Dataset excerpts:

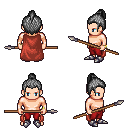
a pixel art fantasy rpg character, male body template, human, light skin, maroon cape, red pants, gray short topknot hairstyle, bracelets, metal boots, spear, four views (front, back, left, right), 2x2 character sprite sheet, small pixel art, hard edges, no anti-aliasing
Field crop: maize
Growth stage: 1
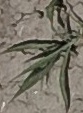
Species: sorghum
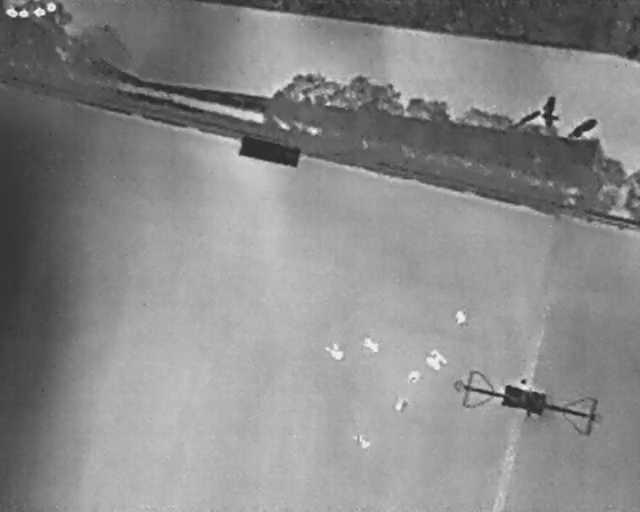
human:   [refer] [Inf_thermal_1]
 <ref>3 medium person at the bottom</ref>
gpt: <box>[[63, 72, 65, 74, 9], [61, 78, 63, 80, 37], [55, 84, 57, 87, 36]]</box>

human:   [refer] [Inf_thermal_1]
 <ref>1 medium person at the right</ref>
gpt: <box>[[70, 60, 73, 63, 2]]</box>

* Task item:
Your answer should consist of each line above in which "medium" appears.

* Written solution:
 <ref>3 medium person at the bottom</ref>
 <ref>1 medium person at the right</ref>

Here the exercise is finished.